Он проигнорировал его. Вместо ответа его тяжёлая, влажная рука с размаху, с какой-то невыносимо развязной фамильярностью, шутливо обрушилась мне на плечо. Этот жест — грубый, панибратский, будто мы только что вместе отгуляли самую весёлую ночь в жизни, а не пережили унизительный, сокрушительный провал на глазах у сотен людей, — стал последней каплей.

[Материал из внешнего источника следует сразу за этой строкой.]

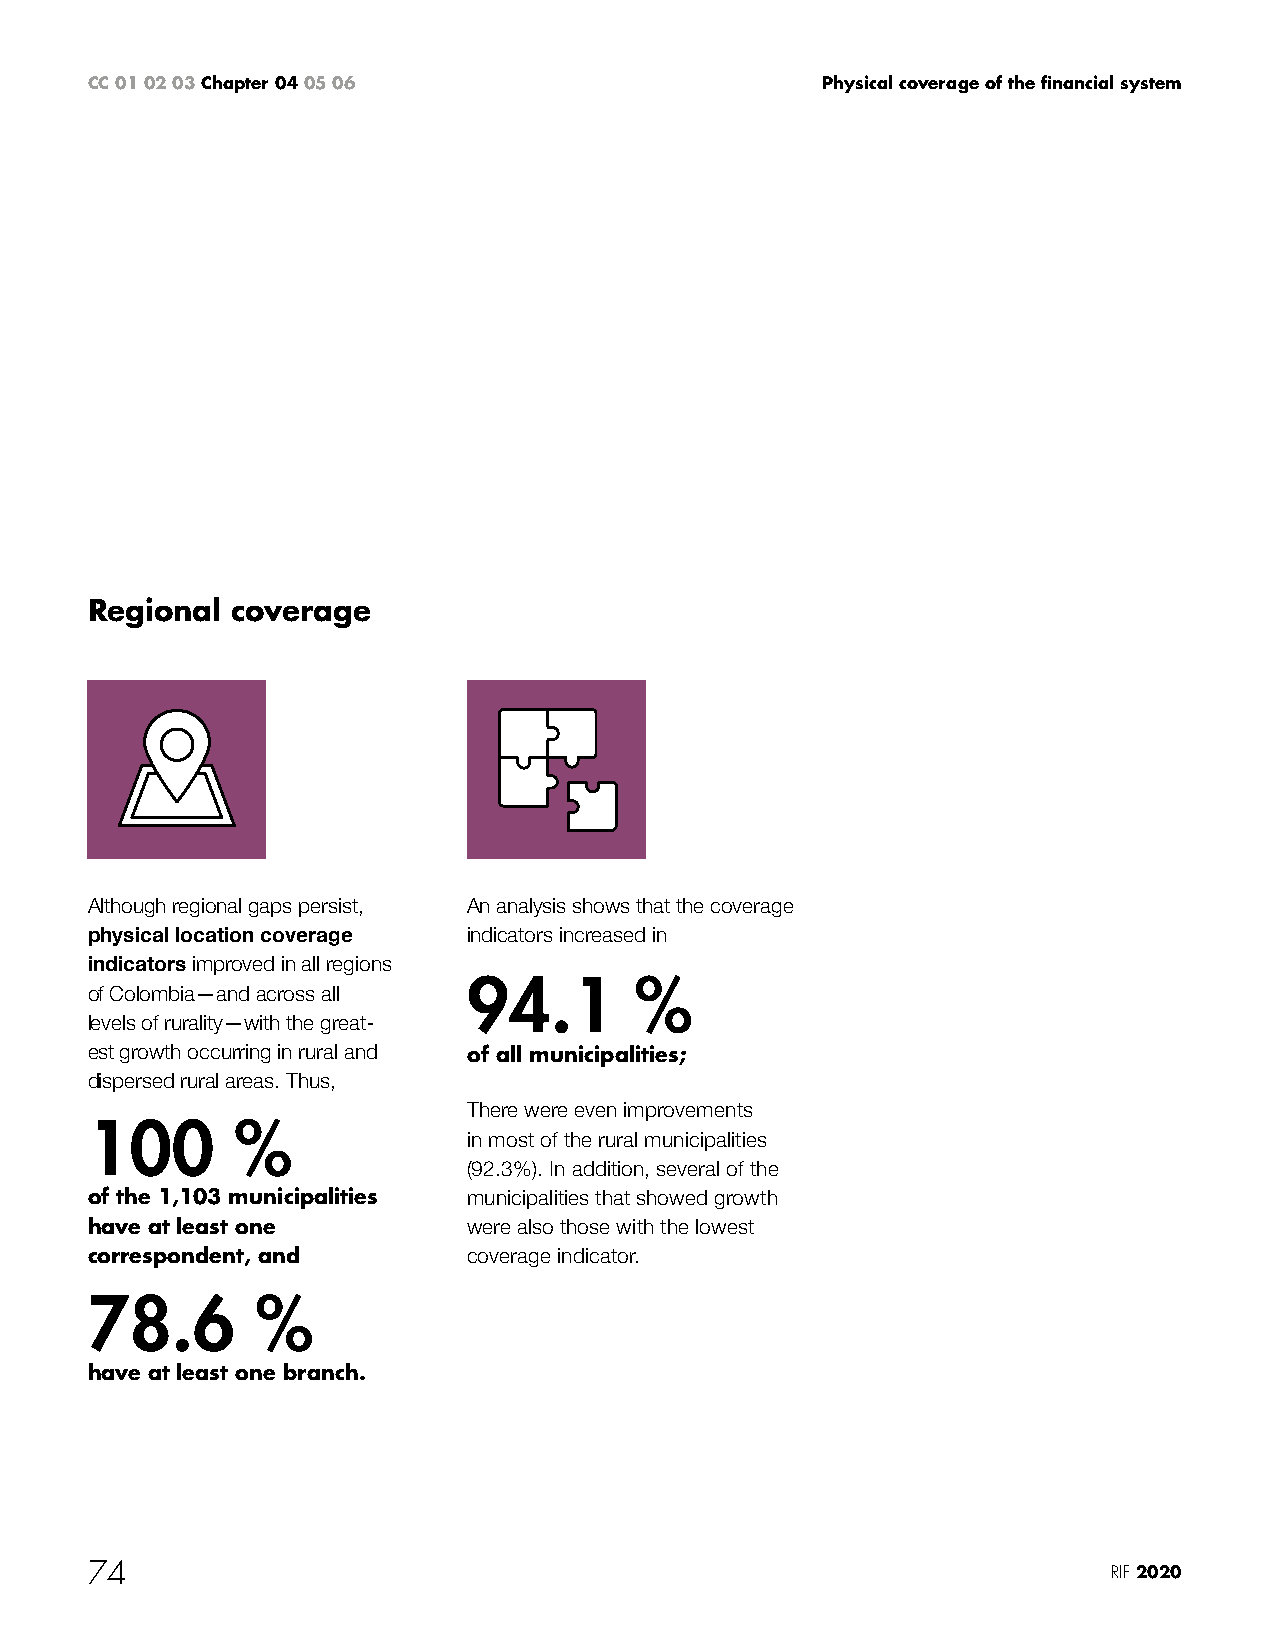
CC 01 02 03 Chapter 04 05 06                    Physical coverage of the financial system
 Regional coverage
 Although regional gaps persist, An analysis shows that the coverage
 physical location coverage indicators increased in
 indicators improved in all regions
 94.1       %
 of Colombia—and across all
 levels of rurality—with the great-
 est growth occurring in rural and of all municipalities;
 dispersed rural areas. Thus,
 There were even improvements
 100       %
 in most of the rural municipalities
 (92.3%). In addition, several of the
 of the 1,103 municipalities municipalities that showed growth
 have at least one        were also those with the lowest
 correspondent, and       coverage indicator.
 78.6       %
 have at least one branch.
 74                                                                  RIF 2020

Вся накопившаяся злость, всё растоптанное достоинство, вся горечь вырвались из меня одним сдавленным, шипящим проклятием, обжигающим губы:
— Пошёл на хуй со своей лапой, долбаёб!
Я дёрнулся, резко, с отвращением стряхнул его тяжёлую руку, как стряхивают ядовитую тварь. Он не стал удерживать, не стал настаивать. В ответ из темноты донелась лишь короткая, беззвучная усмешка — звук, полный презрительного равнодушия, который ранил больнее, чем любая насмешка.
И тогда я не выдержал. Повернулся к нему, вглядываясь в смутные очертания его профиля в полумраке.
— Почему? — не спросил, а выдохнул я, и моё дыхание превратилось в маленькое облачко пара в ледяном воздухе пустой площади. Вопрос повис между нами, острый, прямой и обнажённый, лишённый всяких намёков. — Зачем ты это сделал? Устроил этот... этот дешёвый цирк?
Мы замерли на холодных, грубых ступенях, что вели вниз со сцены. Казалось, сама ночная тишина вокруг сгустилась и притаила дыхание, наблюдая за нами. Лунный свет, пробивавшийся сквозь ветви высоких сосен, упал на него косым лучом. Шедоу медленно повернул ко мне лицо. Призрачный свет скользнул по острым скулам, высветив на мгновение не привычную наглую ухмылку, а какое-то странное, сосредоточенное и почти отчуждённое выражение. В его глазах, подсвеченных луной, читалась не насмешка, а холодная, расчётливая ясность.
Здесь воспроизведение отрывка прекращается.